観光立国20年の歩みを総括 東大公共政策大学院がセミナー


本保芳明氏

「住んでよし」置き去りに

 「住んでよし、訪れてよしの国づくり」を基本理念とする「観光立国」の推進を政府が打ちだした2003年以降、約20年の観光の歩みを総括するセミナーが11日、東京都内で開かれた。主催したのは、東京大学公共政策大学院交通・観光政策研究ユニット(TTPU)。有識者によるパネルディスカッションでは、インバウンドを短期間で増加させ、年間の訪日外国人旅行者数3千万人、その消費額4・8兆円などの経済効果によって観光の社会的地位を高めたとする一方で、地域の豊かさを支える「住んでよし」の実現、持続可能な観光の推進については課題が指摘された。
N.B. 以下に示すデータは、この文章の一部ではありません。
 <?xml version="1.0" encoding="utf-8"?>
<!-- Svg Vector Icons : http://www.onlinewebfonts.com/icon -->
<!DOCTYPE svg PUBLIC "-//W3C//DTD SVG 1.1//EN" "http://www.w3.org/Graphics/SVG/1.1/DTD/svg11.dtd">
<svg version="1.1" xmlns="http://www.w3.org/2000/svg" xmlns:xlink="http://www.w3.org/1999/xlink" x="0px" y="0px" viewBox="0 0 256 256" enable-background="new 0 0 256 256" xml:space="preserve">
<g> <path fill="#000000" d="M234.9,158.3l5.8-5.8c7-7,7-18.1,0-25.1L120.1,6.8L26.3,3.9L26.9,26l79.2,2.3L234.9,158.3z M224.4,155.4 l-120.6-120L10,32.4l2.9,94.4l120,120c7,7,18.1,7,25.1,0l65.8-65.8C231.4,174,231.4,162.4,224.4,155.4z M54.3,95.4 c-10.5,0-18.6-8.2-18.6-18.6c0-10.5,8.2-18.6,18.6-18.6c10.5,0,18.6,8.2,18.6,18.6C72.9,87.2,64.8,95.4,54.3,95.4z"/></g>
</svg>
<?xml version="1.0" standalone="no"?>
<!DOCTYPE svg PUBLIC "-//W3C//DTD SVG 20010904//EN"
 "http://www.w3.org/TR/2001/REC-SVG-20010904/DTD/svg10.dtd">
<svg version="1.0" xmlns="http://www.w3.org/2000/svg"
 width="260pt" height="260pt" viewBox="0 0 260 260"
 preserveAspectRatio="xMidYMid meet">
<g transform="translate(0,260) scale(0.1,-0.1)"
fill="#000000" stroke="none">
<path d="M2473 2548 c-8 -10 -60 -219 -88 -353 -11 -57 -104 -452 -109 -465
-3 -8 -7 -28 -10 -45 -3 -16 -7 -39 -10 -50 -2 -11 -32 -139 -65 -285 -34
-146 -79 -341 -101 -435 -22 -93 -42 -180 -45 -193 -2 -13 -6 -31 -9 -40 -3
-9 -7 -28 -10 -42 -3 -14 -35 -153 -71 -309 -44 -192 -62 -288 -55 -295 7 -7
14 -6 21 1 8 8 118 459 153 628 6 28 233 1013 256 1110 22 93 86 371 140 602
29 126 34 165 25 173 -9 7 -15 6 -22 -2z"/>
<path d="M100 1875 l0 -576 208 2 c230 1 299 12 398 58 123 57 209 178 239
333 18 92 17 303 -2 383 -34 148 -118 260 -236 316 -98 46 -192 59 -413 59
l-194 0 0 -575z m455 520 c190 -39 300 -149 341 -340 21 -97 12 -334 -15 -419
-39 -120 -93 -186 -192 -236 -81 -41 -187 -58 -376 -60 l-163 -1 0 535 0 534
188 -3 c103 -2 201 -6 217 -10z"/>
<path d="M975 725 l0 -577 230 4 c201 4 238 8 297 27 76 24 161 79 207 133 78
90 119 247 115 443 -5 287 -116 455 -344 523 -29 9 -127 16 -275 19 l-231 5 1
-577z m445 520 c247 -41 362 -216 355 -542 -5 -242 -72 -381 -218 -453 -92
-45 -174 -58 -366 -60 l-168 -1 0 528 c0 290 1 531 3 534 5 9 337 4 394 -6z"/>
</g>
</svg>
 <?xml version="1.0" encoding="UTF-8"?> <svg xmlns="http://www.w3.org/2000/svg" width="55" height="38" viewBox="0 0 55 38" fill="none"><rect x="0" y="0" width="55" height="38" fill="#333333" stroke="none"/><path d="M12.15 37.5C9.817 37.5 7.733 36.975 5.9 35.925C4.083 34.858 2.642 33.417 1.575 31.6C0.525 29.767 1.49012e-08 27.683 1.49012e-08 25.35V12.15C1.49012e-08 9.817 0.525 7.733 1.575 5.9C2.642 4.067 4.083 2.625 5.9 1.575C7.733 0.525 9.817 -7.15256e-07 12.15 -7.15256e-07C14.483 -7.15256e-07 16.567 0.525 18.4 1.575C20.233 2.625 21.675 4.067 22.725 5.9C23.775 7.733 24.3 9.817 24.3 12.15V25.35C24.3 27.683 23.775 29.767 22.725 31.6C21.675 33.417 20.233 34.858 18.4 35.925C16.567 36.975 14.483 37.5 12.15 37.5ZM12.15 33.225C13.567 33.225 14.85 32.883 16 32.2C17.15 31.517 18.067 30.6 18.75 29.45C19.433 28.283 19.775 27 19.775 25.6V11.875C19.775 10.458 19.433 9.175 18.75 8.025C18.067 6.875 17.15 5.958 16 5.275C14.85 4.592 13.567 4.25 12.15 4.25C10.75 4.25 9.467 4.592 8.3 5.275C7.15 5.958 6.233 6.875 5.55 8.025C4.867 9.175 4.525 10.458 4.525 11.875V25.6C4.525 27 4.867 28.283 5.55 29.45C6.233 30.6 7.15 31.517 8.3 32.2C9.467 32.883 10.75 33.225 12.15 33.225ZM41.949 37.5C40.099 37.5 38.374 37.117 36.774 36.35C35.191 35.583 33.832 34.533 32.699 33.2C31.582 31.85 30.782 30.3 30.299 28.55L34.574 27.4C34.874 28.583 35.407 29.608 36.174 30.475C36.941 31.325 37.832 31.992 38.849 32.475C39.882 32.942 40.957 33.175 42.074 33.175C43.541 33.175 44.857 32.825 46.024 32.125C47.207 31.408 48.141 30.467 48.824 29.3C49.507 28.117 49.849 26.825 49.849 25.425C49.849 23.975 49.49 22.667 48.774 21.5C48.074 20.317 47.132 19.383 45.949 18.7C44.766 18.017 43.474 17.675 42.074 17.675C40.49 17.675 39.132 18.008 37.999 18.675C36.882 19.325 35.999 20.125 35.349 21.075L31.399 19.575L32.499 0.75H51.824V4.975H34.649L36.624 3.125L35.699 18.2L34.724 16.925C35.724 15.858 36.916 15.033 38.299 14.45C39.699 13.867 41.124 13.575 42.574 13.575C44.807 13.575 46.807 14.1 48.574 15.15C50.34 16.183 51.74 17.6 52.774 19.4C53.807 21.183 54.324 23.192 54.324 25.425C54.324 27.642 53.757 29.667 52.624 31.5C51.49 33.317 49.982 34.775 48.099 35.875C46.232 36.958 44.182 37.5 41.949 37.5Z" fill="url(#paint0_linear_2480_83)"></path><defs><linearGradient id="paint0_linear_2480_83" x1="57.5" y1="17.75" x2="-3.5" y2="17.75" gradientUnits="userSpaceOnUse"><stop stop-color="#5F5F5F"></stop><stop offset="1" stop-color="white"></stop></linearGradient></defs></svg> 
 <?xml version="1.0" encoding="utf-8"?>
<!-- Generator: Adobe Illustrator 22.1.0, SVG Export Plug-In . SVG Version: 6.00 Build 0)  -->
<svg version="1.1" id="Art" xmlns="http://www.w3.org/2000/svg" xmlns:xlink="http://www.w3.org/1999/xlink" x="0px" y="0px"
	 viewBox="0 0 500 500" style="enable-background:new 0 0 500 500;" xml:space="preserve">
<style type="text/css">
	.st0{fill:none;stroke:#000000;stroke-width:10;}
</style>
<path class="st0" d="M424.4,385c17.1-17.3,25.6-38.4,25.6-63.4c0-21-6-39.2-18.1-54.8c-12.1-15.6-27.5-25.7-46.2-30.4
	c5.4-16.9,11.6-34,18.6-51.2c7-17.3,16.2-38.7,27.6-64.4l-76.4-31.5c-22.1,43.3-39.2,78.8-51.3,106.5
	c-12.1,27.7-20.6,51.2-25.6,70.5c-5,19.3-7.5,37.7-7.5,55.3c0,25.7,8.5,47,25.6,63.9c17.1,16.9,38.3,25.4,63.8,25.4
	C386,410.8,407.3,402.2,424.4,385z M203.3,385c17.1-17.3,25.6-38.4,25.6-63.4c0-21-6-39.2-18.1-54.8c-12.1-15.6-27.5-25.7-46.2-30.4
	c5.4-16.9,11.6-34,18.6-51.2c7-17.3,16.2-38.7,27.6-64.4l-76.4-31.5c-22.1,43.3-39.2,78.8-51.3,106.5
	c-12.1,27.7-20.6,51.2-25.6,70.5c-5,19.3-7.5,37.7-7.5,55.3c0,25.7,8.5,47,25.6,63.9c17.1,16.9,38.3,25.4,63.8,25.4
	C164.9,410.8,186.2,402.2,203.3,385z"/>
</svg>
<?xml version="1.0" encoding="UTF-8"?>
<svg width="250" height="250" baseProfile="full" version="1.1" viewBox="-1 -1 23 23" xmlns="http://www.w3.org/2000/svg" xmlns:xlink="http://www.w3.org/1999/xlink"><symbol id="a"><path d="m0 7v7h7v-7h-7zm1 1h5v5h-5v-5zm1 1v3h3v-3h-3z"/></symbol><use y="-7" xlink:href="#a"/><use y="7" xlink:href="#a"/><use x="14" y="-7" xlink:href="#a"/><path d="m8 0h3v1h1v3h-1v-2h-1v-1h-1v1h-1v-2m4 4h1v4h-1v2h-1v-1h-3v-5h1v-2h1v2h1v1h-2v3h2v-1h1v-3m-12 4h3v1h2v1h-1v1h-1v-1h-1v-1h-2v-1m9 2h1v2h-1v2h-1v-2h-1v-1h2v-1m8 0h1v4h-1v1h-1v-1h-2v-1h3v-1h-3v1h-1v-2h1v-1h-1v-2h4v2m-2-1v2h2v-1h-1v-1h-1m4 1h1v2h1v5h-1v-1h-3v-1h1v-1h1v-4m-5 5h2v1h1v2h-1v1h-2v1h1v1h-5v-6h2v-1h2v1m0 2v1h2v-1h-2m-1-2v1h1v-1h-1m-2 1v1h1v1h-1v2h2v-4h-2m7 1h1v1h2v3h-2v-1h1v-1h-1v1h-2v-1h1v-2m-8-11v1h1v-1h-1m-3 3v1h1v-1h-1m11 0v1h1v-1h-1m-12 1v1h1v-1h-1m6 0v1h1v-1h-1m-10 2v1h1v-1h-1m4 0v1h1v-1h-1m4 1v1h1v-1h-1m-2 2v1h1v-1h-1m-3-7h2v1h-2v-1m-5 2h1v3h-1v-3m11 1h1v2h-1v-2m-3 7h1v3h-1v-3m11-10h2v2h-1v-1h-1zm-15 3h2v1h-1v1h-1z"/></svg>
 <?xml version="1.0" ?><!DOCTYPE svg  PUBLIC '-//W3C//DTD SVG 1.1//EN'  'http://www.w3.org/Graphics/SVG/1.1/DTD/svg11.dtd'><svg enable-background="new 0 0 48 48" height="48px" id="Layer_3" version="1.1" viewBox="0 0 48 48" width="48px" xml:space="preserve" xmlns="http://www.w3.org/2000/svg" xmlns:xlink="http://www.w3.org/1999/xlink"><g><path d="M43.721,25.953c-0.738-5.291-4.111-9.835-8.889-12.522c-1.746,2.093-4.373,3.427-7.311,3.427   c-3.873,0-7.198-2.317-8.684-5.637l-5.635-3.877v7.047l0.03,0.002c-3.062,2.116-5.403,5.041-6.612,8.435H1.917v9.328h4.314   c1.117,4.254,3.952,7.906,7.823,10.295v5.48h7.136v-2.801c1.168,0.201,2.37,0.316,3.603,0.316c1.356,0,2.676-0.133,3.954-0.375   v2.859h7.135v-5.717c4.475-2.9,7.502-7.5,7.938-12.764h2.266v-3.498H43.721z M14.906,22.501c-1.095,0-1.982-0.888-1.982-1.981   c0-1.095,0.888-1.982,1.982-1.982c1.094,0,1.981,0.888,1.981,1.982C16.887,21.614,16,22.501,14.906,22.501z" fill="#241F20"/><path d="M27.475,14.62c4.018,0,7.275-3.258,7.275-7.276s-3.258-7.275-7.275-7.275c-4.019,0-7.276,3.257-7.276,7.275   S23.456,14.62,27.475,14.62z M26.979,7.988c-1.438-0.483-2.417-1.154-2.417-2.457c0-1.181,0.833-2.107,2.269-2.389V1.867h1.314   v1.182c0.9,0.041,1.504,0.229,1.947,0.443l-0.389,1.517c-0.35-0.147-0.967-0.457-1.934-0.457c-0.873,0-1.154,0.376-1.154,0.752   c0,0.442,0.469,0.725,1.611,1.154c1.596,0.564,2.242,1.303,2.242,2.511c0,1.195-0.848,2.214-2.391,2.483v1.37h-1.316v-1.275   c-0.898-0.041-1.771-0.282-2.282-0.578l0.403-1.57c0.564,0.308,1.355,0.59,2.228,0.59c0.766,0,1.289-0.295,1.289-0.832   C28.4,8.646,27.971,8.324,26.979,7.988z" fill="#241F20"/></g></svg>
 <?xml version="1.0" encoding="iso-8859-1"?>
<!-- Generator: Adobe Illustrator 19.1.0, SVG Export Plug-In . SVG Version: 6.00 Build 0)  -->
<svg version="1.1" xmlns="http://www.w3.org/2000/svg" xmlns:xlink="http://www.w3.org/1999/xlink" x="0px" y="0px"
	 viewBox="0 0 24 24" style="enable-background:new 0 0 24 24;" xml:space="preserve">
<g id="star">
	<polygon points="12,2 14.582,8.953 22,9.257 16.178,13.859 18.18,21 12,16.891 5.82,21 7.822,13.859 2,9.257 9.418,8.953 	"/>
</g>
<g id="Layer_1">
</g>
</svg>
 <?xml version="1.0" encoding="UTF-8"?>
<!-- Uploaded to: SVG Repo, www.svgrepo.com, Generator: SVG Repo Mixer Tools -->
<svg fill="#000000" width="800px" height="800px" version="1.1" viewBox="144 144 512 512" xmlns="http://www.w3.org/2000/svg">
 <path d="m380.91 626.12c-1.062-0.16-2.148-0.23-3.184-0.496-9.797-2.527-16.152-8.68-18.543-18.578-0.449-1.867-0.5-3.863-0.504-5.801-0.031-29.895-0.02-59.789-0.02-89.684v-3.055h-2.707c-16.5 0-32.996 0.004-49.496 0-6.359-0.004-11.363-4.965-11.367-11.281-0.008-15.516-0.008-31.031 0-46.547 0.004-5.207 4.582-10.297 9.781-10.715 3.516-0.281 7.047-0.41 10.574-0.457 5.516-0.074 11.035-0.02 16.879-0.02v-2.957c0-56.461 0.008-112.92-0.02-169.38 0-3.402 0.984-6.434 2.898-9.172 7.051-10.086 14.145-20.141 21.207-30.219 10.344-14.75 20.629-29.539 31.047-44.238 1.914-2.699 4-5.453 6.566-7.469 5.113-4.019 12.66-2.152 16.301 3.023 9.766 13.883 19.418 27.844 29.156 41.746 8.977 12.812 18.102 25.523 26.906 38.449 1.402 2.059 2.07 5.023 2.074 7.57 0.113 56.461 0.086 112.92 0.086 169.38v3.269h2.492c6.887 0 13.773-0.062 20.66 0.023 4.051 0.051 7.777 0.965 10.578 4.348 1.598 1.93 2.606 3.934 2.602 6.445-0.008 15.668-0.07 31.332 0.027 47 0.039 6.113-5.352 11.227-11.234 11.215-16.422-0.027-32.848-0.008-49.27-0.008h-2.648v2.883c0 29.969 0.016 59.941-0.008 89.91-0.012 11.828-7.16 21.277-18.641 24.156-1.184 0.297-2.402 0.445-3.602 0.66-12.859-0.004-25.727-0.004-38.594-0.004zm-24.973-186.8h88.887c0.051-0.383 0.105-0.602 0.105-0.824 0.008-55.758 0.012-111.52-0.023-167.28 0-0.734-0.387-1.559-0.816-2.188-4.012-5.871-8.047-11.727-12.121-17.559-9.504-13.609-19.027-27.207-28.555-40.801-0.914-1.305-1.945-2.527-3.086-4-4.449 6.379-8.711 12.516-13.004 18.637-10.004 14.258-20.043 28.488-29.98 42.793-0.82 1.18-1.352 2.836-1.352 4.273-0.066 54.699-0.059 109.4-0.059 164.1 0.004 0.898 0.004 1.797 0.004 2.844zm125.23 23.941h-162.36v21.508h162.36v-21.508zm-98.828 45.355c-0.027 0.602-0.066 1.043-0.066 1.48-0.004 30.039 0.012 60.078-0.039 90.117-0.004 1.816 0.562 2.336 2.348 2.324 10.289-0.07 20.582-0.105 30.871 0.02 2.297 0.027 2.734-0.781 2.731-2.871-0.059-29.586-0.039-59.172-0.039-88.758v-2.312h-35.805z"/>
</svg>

 セミナーは、03年に当時の小泉純一郎首相が施政方針演説で観光立国政策を掲げ、ビジット・ジャパン事業がスタートして以降の観光の取り組みについて検証し、コロナ後の観光振興に生かそうと企画された。パネルディスカッションには5人の有識者が登壇。コーディネーターは、東京女子大学教授の矢ケ崎紀子氏が務めた。

矢ケ崎紀子氏

 

成果と課題

 観光の総括として、観光庁の初代長官で国連世界観光機関(UNWTO)駐日事務所代表の本保芳明氏は「観光はこの20年で、社会的な地位を高め、市民権を得ることができた」との認識を示した。その要因には、観光政策や観光産業に対する世界の関心の高まりという潮流に日本が乗れたことのほか、政治が観光政策を主導したことを挙げ、「安倍・菅政権がなければ、ここまで観光は進まなかった」として政治の役割の大きさを指摘した。

本保芳明氏

 

 日本の観光の成長について、フランス観光開発機構在日代表のフレデリック・マゼンク氏は「フランスで観光が産業として考えられるようになったのは19世紀後半。国際観光に本格的に取り組んだのが第2次世界大戦後だ。観光は経済、雇用に重要な位置を占めるようになり、GDPに占める割合も7~8%になった。観光大国といわれるフランスは200年かかったが、日本が20年でここまできたことは素晴らしい」と評価した。

 一方で本保氏は、この20年間の観光を評価すると、10点満点で4点ぐらいと厳しい点を付けた。「経済面では大きな成果があり、地域経済にも裨益(ひえき)した。しかし、地域や人々を豊かにするとか、地域の伝統芸能が守られるとか、産業界が変革を繰り返して成長するとか、そうした成果が足りなった。『住んでよし』の部分が置き去りにされたところがあった」と指摘した。

フレデリック・マゼンク氏

地域と観光

 「私たちの町は、観光立国の波に乗れたといえるような状態ではなかった」と語ったのは、新潟県津南町長の桑原悠氏。「人口減少で地域経済の縮小が避けられず、交流人口の増加に向けて観光に取り組む必要があることは分かっていたが、どうすればいいのかというのが当初の状況だった」と振り返った。